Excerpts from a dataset
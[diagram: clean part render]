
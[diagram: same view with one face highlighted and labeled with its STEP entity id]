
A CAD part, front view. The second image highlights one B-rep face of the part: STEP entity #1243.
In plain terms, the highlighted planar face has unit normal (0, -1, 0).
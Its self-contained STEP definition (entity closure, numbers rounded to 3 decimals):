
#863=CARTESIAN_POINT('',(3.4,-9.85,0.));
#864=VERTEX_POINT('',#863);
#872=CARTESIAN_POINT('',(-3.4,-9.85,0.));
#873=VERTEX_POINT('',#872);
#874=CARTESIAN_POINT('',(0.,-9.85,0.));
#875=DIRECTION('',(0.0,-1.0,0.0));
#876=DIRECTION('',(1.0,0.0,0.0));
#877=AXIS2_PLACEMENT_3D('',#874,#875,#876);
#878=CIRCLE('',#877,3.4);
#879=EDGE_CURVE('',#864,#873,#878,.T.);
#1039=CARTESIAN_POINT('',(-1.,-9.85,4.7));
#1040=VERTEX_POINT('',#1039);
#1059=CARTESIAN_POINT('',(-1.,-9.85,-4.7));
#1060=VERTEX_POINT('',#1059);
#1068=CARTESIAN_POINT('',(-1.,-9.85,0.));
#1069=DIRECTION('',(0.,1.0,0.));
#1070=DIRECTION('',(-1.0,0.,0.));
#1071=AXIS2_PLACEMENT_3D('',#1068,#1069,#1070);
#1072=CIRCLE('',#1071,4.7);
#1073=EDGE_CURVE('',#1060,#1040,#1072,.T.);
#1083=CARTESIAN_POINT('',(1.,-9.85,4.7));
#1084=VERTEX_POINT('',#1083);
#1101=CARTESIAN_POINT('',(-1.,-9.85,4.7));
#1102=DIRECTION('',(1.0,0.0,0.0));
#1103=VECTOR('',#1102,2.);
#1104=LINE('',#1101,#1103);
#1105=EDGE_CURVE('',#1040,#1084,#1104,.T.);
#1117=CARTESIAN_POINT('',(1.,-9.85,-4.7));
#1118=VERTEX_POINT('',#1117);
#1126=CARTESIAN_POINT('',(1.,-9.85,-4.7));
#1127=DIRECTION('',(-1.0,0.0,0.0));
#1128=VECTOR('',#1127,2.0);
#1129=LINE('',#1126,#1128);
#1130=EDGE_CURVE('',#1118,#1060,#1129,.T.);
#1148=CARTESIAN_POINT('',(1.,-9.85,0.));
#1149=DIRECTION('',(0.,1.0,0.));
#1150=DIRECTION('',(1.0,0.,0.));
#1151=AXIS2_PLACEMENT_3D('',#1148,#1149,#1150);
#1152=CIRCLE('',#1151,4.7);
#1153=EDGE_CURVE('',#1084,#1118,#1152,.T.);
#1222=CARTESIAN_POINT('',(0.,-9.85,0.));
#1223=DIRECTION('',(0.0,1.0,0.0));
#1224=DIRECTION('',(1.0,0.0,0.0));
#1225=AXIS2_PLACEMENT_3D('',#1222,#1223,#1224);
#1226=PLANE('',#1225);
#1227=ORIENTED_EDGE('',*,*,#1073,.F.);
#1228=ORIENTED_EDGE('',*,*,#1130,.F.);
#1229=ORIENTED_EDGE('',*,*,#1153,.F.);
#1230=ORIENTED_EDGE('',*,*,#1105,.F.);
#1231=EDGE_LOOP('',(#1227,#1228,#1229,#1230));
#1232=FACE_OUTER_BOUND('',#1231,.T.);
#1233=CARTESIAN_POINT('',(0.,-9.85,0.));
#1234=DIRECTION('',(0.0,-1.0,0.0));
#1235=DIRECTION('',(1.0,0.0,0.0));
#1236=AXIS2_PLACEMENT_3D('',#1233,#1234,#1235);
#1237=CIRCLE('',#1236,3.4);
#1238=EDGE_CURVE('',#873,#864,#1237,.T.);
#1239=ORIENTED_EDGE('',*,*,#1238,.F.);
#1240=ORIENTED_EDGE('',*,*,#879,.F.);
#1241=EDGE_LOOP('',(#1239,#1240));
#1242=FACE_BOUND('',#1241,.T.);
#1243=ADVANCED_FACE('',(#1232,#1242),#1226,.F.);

**Problem statement:** All lines above from the one containing "#1118=VERTEX_POINT('',#1117);" to the one containing "#1230=ORIENTED_EDGE('',*,*,#1105,.F.);" must be repeated exactly, both lines included, and no others.

**Task response:**
#1118=VERTEX_POINT('',#1117);
#1126=CARTESIAN_POINT('',(1.,-9.85,-4.7));
#1127=DIRECTION('',(-1.0,0.0,0.0));
#1128=VECTOR('',#1127,2.0);
#1129=LINE('',#1126,#1128);
#1130=EDGE_CURVE('',#1118,#1060,#1129,.T.);
#1148=CARTESIAN_POINT('',(1.,-9.85,0.));
#1149=DIRECTION('',(0.,1.0,0.));
#1150=DIRECTION('',(1.0,0.,0.));
#1151=AXIS2_PLACEMENT_3D('',#1148,#1149,#1150);
#1152=CIRCLE('',#1151,4.7);
#1153=EDGE_CURVE('',#1084,#1118,#1152,.T.);
#1222=CARTESIAN_POINT('',(0.,-9.85,0.));
#1223=DIRECTION('',(0.0,1.0,0.0));
#1224=DIRECTION('',(1.0,0.0,0.0));
#1225=AXIS2_PLACEMENT_3D('',#1222,#1223,#1224);
#1226=PLANE('',#1225);
#1227=ORIENTED_EDGE('',*,*,#1073,.F.);
#1228=ORIENTED_EDGE('',*,*,#1130,.F.);
#1229=ORIENTED_EDGE('',*,*,#1153,.F.);
#1230=ORIENTED_EDGE('',*,*,#1105,.F.);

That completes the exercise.